Results 1 to 16 of 16

Thread: libzling updates!

  1. #1
    Member RichSelian's Avatar
    Join Date
    Aug 2011
    Location
    Shenzhen, China
    Posts
    156
    Thanks
    18
    Thanked 50 Times in 26 Posts

    Talking libzling updates!

    https://github.com/richox/libzling/tree/20140219

    now libzling has a easy-to-use interface, but still need more documents.
    and a simple and fast lazy-match is added, compression ratio is better (so it beats cade's RH2 on both compression ratio and speed).
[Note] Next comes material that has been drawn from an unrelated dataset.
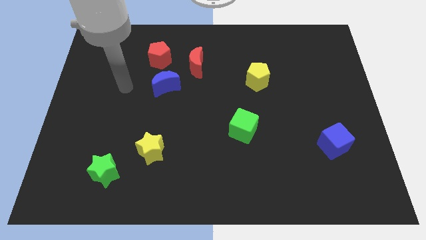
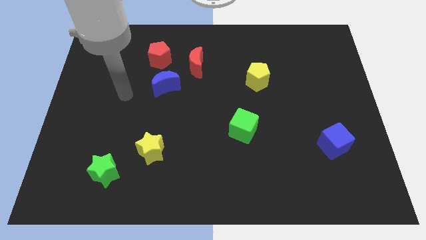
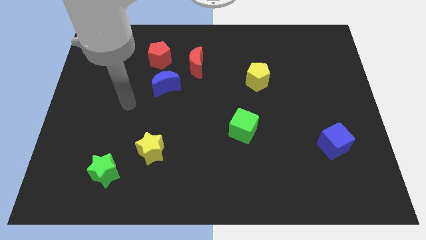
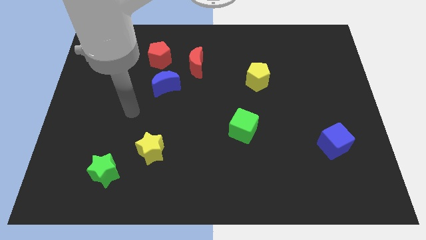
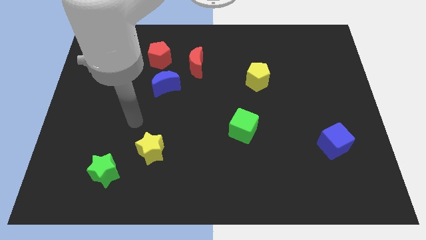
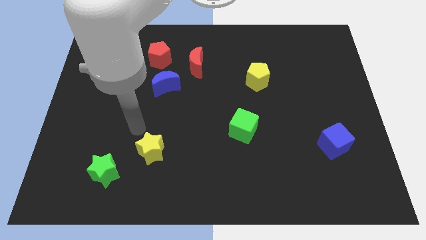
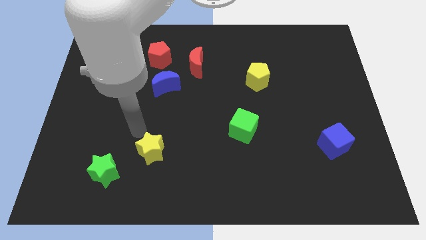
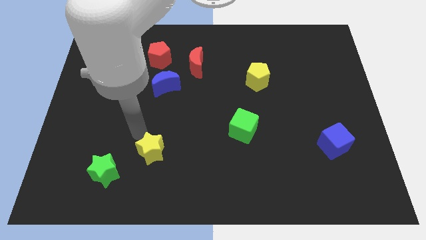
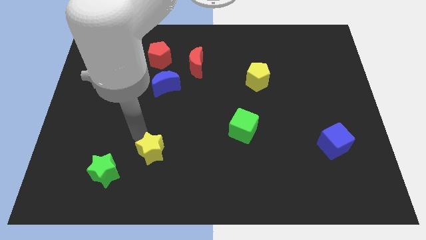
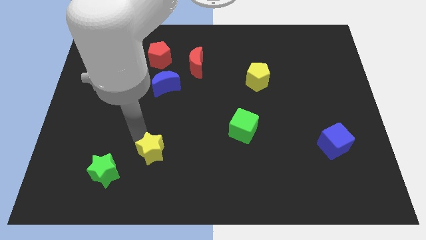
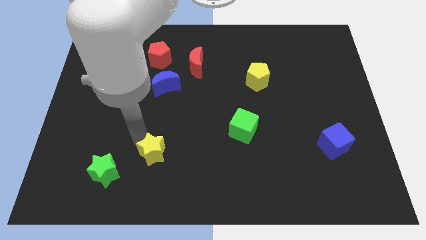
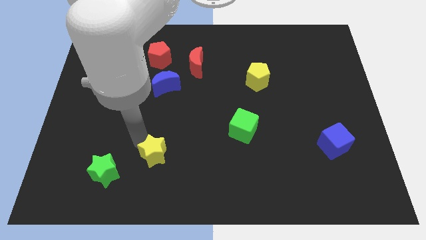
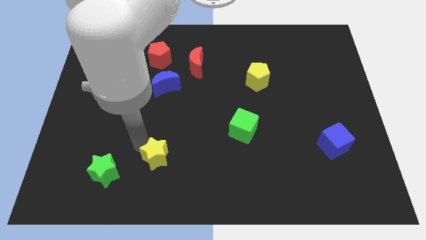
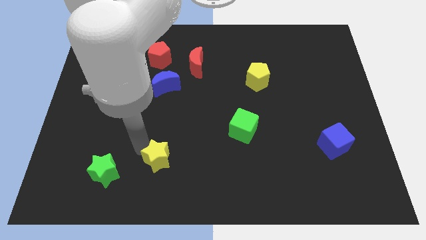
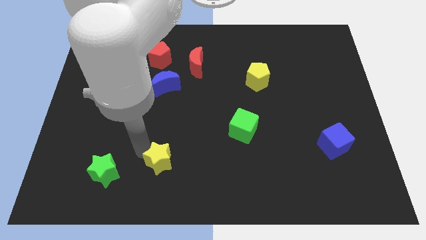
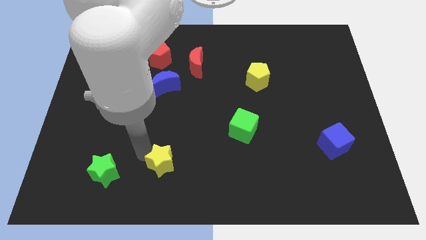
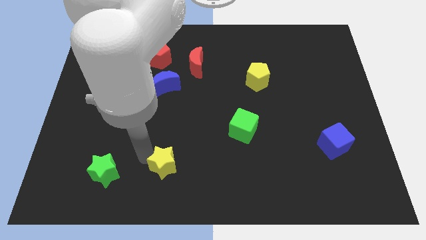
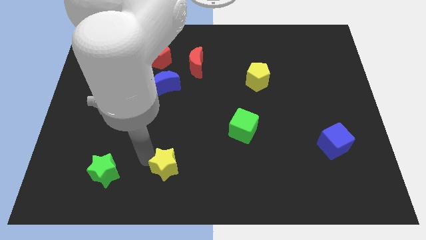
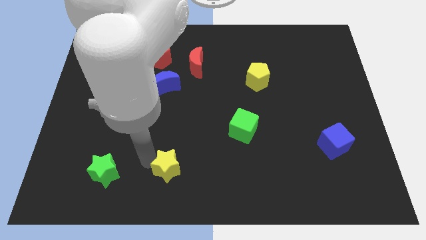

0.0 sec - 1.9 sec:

  2. The Following User Says Thank You to RichSelian For This Useful Post:

    cade (19th February 2014)

  3. #2
    Member
    Join Date
    Nov 2013
    Location
    US
    Posts
    131
    Thanks
    31
    Thanked 29 Times in 19 Posts
    Very nice.

    Edit: c1 (32 depth): 30789 KB, c2 (max depth): 30730 here for enwik8 if I ignore a match if +1 or +2 are equal/longer, 30551 with arithmetic coder (close to ideal entropy).
    Last edited by cade; 19th February 2014 at 16:55.

  4. #3
    Member RichSelian's Avatar
    Join Date
    Aug 2011
    Location
    Shenzhen, China
    Posts
    156
    Thanks
    18
    Thanked 50 Times in 26 Posts
    Quote Originally Posted by cade View Post
    Very nice.

    Edit: c1 (32 depth): 30789 KB, c2 (max depth): 30730 here for enwik8 if I ignore a match if +1 or +2 are equal/longer, 30551 with arithmetic coder (close to ideal entropy).
    depth=32 is too deep for a fast compressor... libzling uses depth=8.
    and my lazy parser is not imprecise but fast. I just do a partial match instead of a full match (when s1[maxlen-3 .. maxlen] == s2[maxlen-3 .. maxlen], I will suppose s1 == s2).

    I won't use an arithmetic coder because it decodes too slow.

    well it don't think compression ratio is so important to a ROLZ compressor. since you can't compete with a BWT or PPM/CM one. but its speed is very competitive to normal LZ77. it makes me have chance to reach Matt's Pareto Frontier.

  5. #4
    Member
    Join Date
    Nov 2013
    Location
    US
    Posts
    131
    Thanks
    31
    Thanked 29 Times in 19 Posts
    If you want another mode, depth=1 is LZP. There's no offset buffer anymore, just 0-255 + 256-511.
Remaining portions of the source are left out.